Aver chi ci tiene per mano
camminando in mezzo a la folla;
chi ci parte il quotidiano
buon pane che ci satolla;

chi nel caldo lettuccio, a notte,
ci rincalza con mani si pronte;
e, mentre che il sonno c'inghiotte,
sentir quel bacio sulla fronte,
quelle dita, che, Contro ogni male,
segnano la croce sul guanciale.

Svegliarsi con uno strido
di bramosia, ogni mattino,
a guisa del rondinino
che si spenzola dal nido.

Guardare, attoniti, il dono
del mondo creato allora,
creato per noi; che s'infiora,
che splende, ch'è bello ed è buono ...
Rider del vostro medesimo riso,
o terra verde, o ciel fioraliso!

Scuotere il pianto che venne
facile agli occhi, se accada,
come gli uccelli dalle penne
le gocciole della rugiada.

Portar ancora fresca in noi l'orma
divina; ed un che di SI lieve,
. di bianco, un candore di neve,
che tremola in noi, senza forma;
che forse è un fantasma di ali,
dell' ali di prima, o mortali!...

Puerizia: innocenza!
Cuore chiaro, monde mani;
vivere senza domani
in una febbre di crescenza:
vivere senza sentire
di vivere, che è morire.

E cogliere, coi riccioli al vento,
le lucciole del firmamento.

Da La via delle stelle

Età divinamente bella l'infanzia quando il vivere era per noi un prolungato sognare e, mentre il corpo via via si rinvigoriva, un attonito aprirsi degli occhi sopra il mistero del mondo; quand'eravamo deboli e bisognosi di aiuto, si, ma nella perfezione del nostro essere di allora, vezzeggiati e contesi da tutti, guidati e vegliati dalla cara immagine della mamma!
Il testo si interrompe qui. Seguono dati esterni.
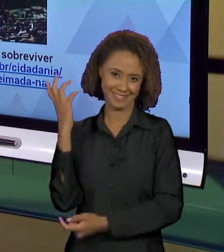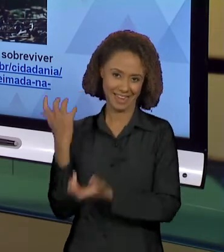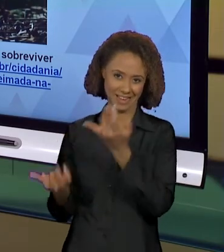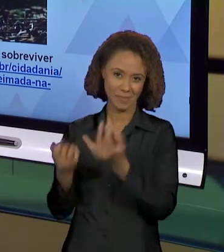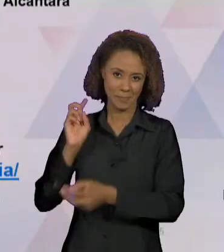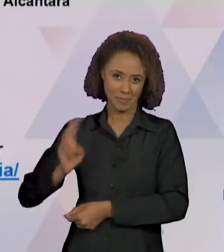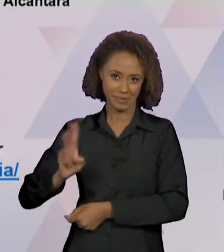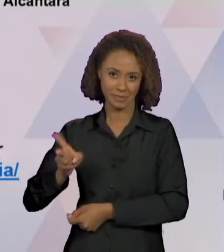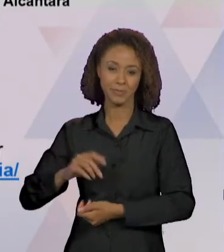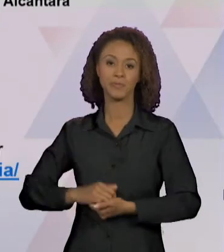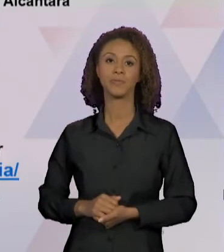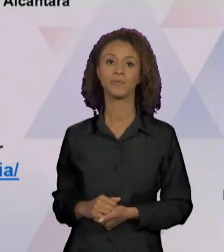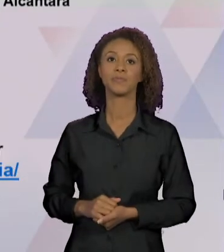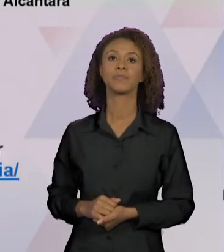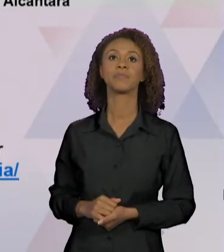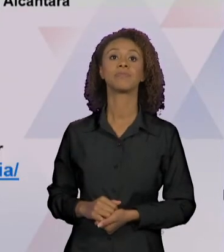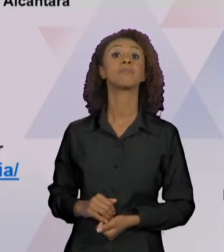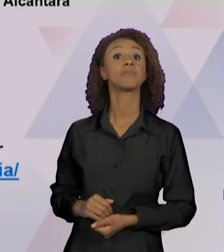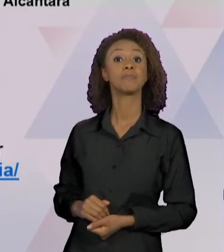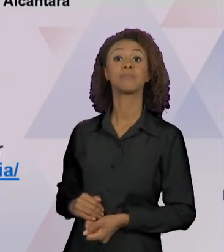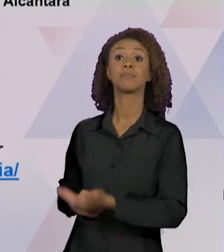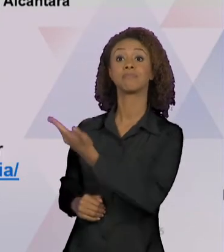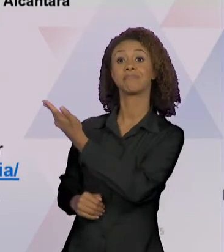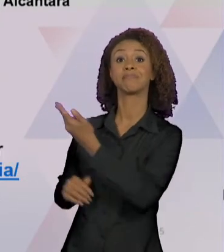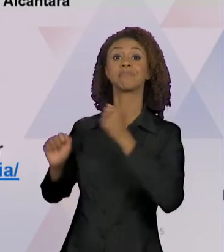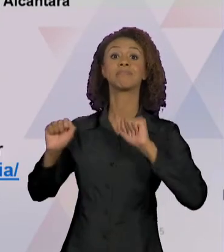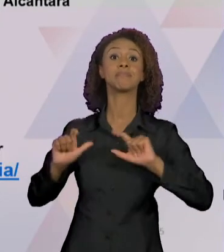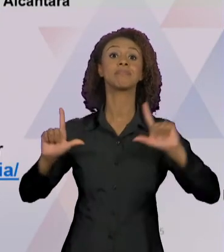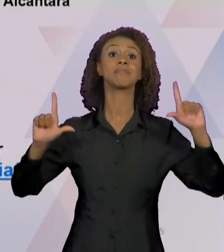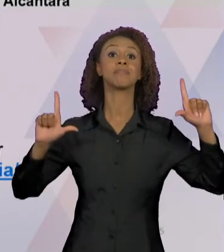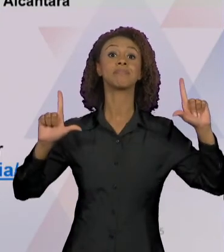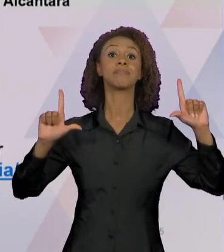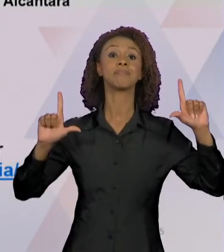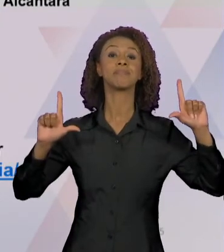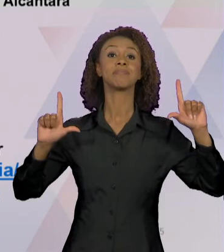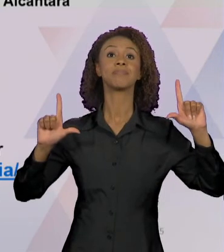TEMOS, ENTÃO, UMA FOTOGRAFIA, "NA FOTO, O PEQUENO
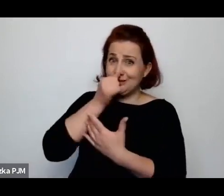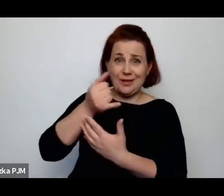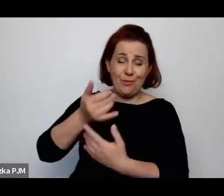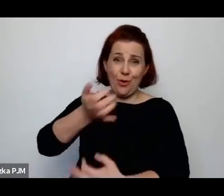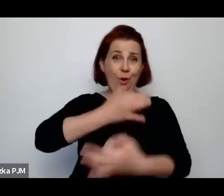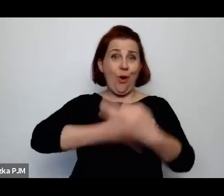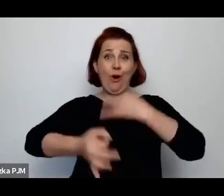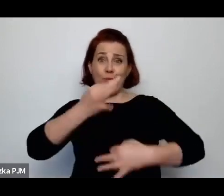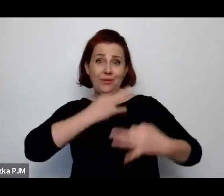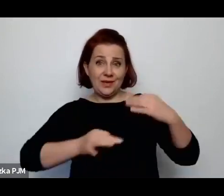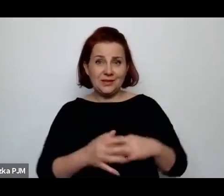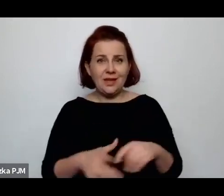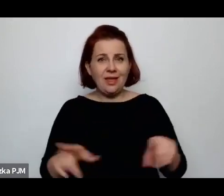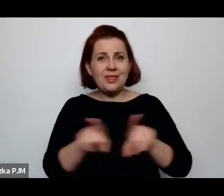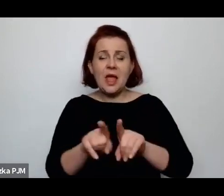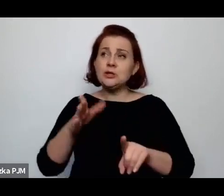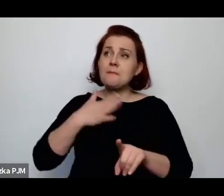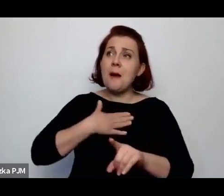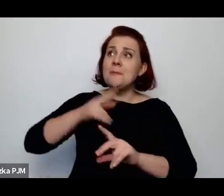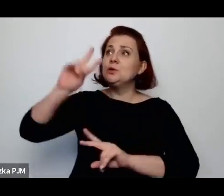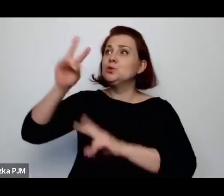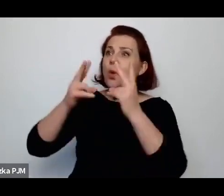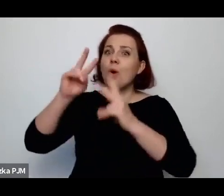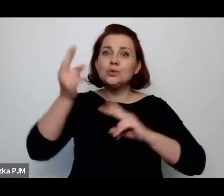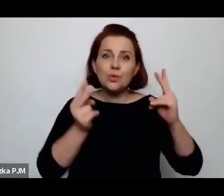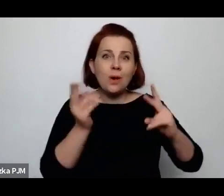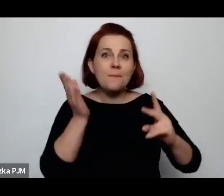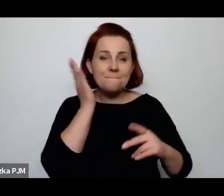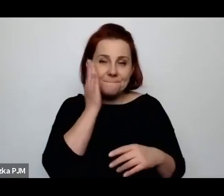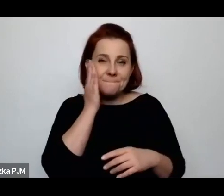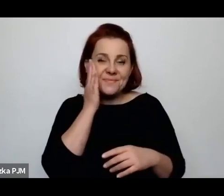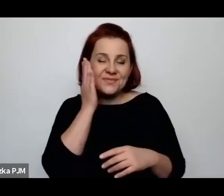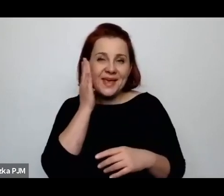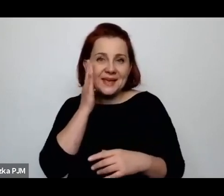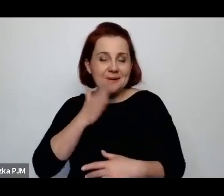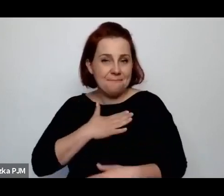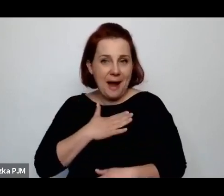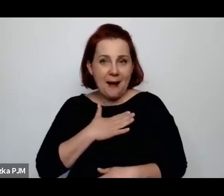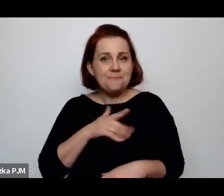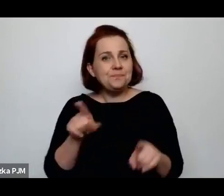i też mamy jakieś źródła na których możemy się opierać i też mamy świadomość tego, że

Anni davvero felici quando nei nostri occhi parevano riflettersi la gioia e il sorriso del cielo e il pianto dileguava improvviso con la stessa facilità con cui era
sgorgato; anni in cui nell'innocenza della nostra anima d'allora si riverberava la divina bellezza dell'angelo e il sogno nella nostra fantasia assumeva le parvenze e le forme della più indubitata realtà.